Polygraphe, spécialiste des Pyrénées et bibliophile
L’œuvre prolifique de Beraldi, par ailleurs fonctionnaire au ministère de la Marine, ne se limite pas aux estampes. Il est l’auteur de nombreux livres sur les Pyrénées, d’ailleurs davantage lus aujourd’hui que son travail sur les graveurs, qui explorent la relation entre écriture et alpinisme. À cela, il faut ajouter une pratique bibliophile et une réflexion sur le même sujet, où revient la notion d’échange, incarnée par la « causerie » autour des livres, de leur acquisition et de leur transformation via la reliure.
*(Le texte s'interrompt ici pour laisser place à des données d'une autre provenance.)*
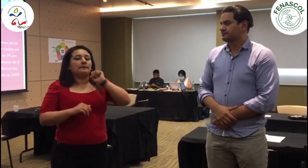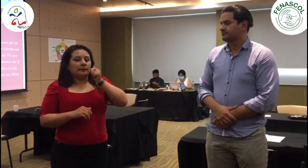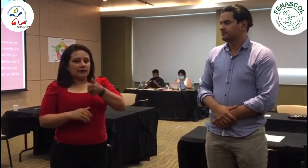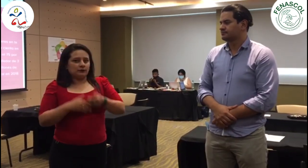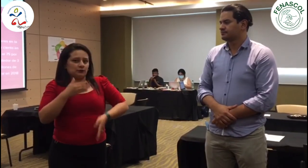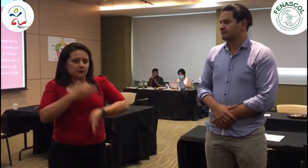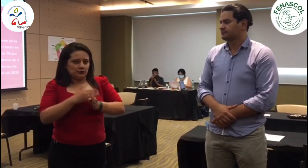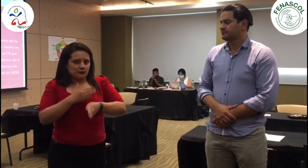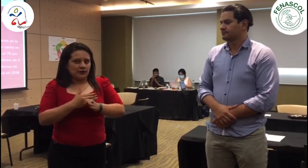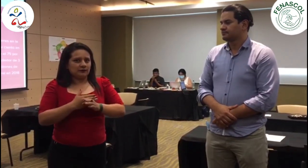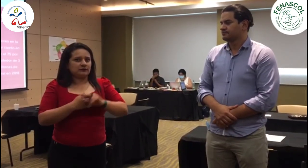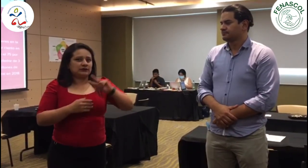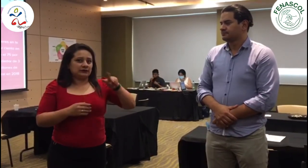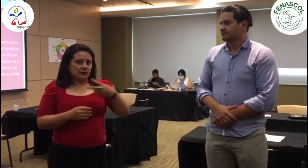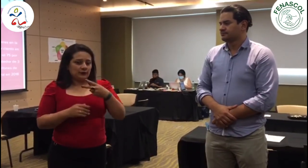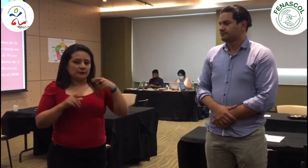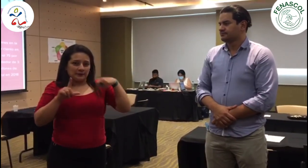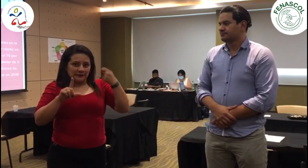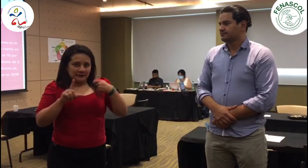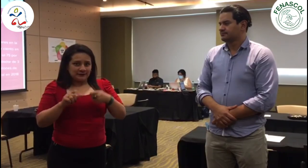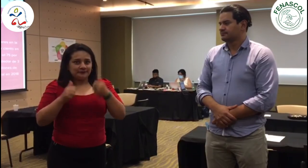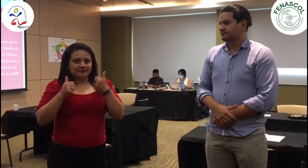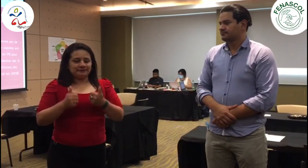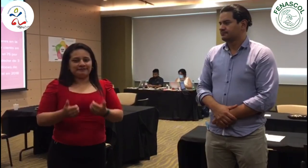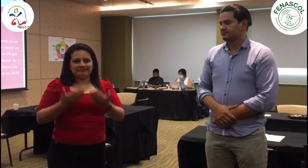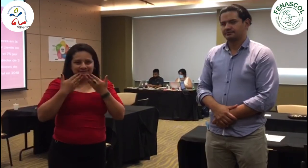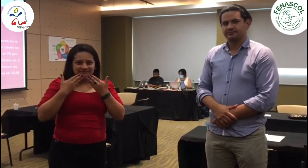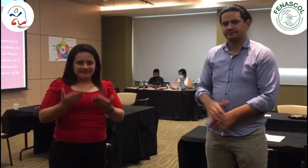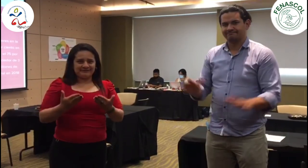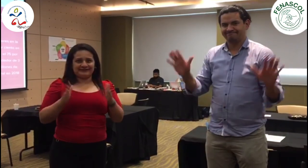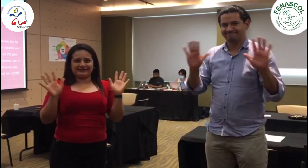mañana seguiremos informando más en un segundo vídeo. Gracias, chao.
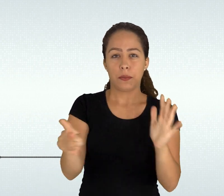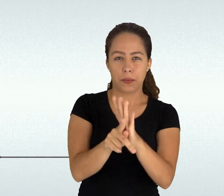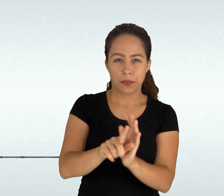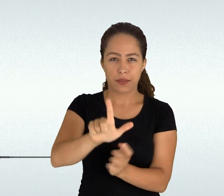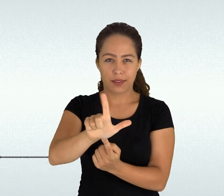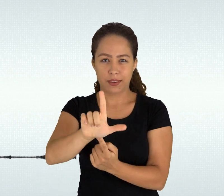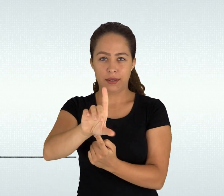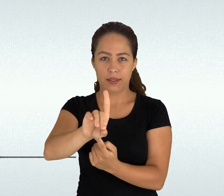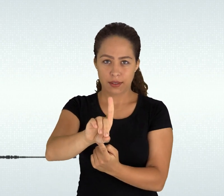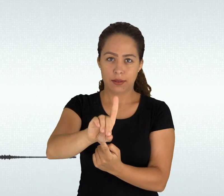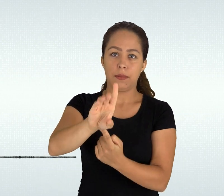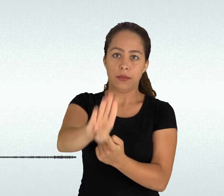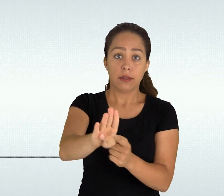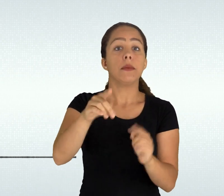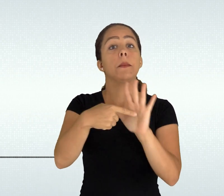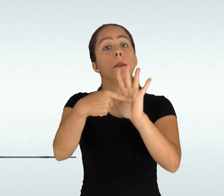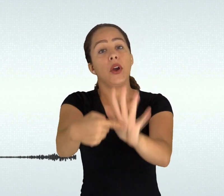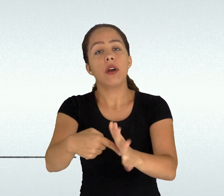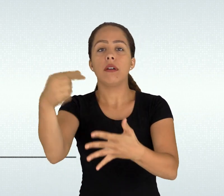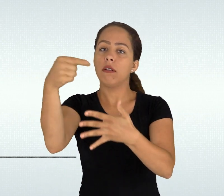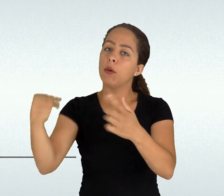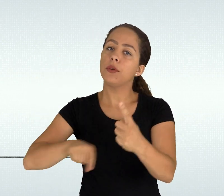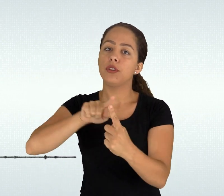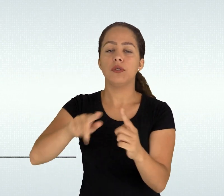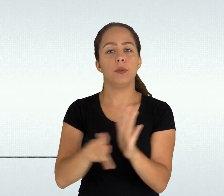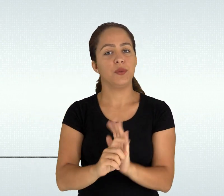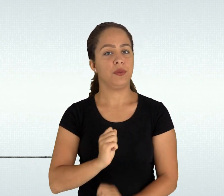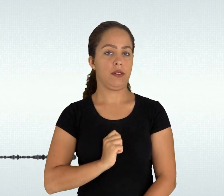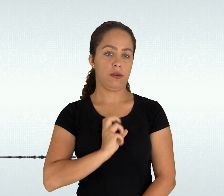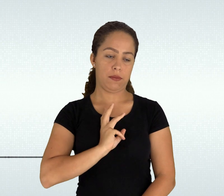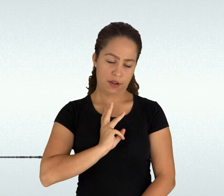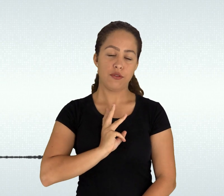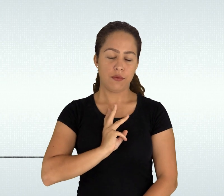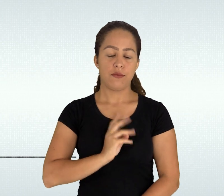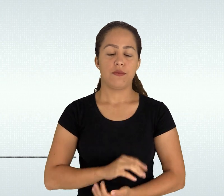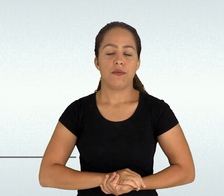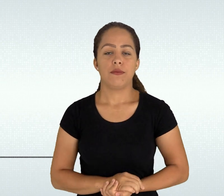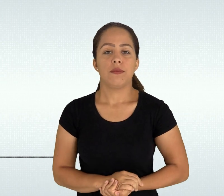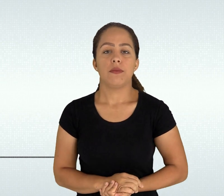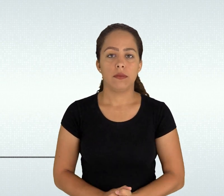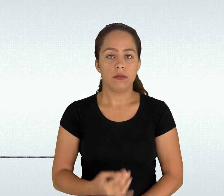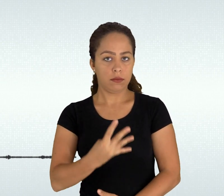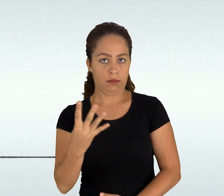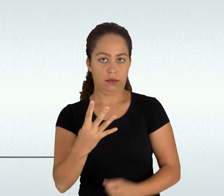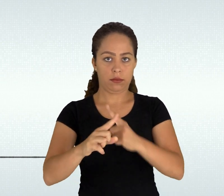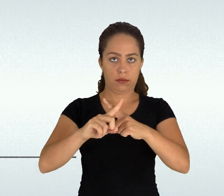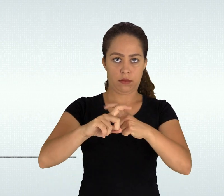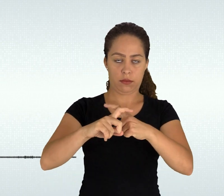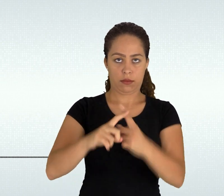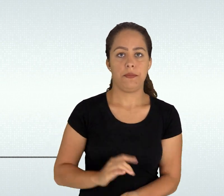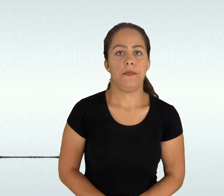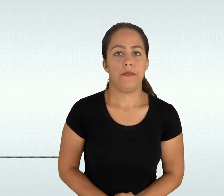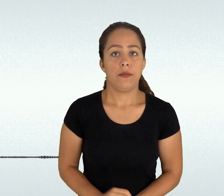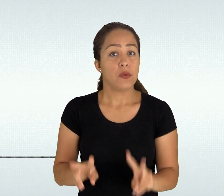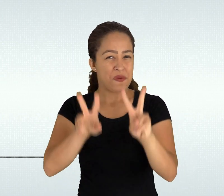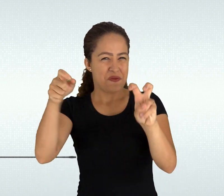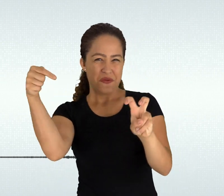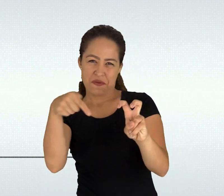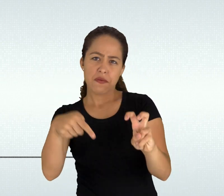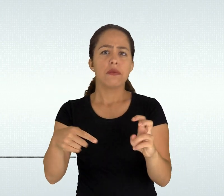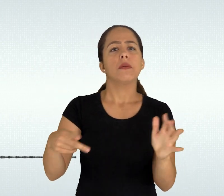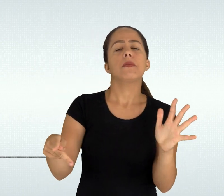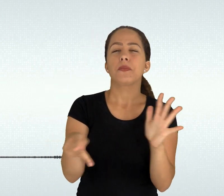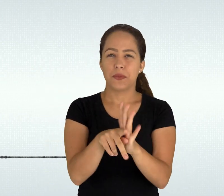O parecer do MEC que trata do assunto é uma importante dica de estudo nele conta que abre

Ce dernier acte permet de transformer le livre, produit en série en quelque chose d’unique (« créer le livre »). N’allez pas chercher en Beraldi un défenseur du patrimoine, lui qui prône une « destruction méliorative du livre ancien » et n’hésite pas à employer le terme de « bibelot » à son propos ! « Comme Sade faisait servir le sexe à toutes les fins possibles sauf à la reproduction, le bibliophile soumet le livre à tous les usages, sauf à la lecture. » Enfin, Beraldi constitue aussi une source d’inspiration et de médiation sur l’écriture académique pour Pernoud.
Avec Le Savoir fou, Emmanuel Pernoud commence dans l’atelier moderne du chercheur, où il a accès depuis son domicile à de vastes fonds numérisés, pour nous entraîner avec plaisir dans celui d’une figure originale, dont il brosse le portrait intellectuel. Ce faisant, Pernoud poursuit son exploration des marges de l’histoire de l’art – comme dans son précédent livre (Le Serviteur inspiré) – ou plutôt, ici, de ses notes de bas de page. Il nous offre au passage une réflexion plus large sur la construction du savoir et sur la spécialisation. In fine, Pernoud fait l’éloge d’une forme de liberté et d’attention soutenue à la diversité.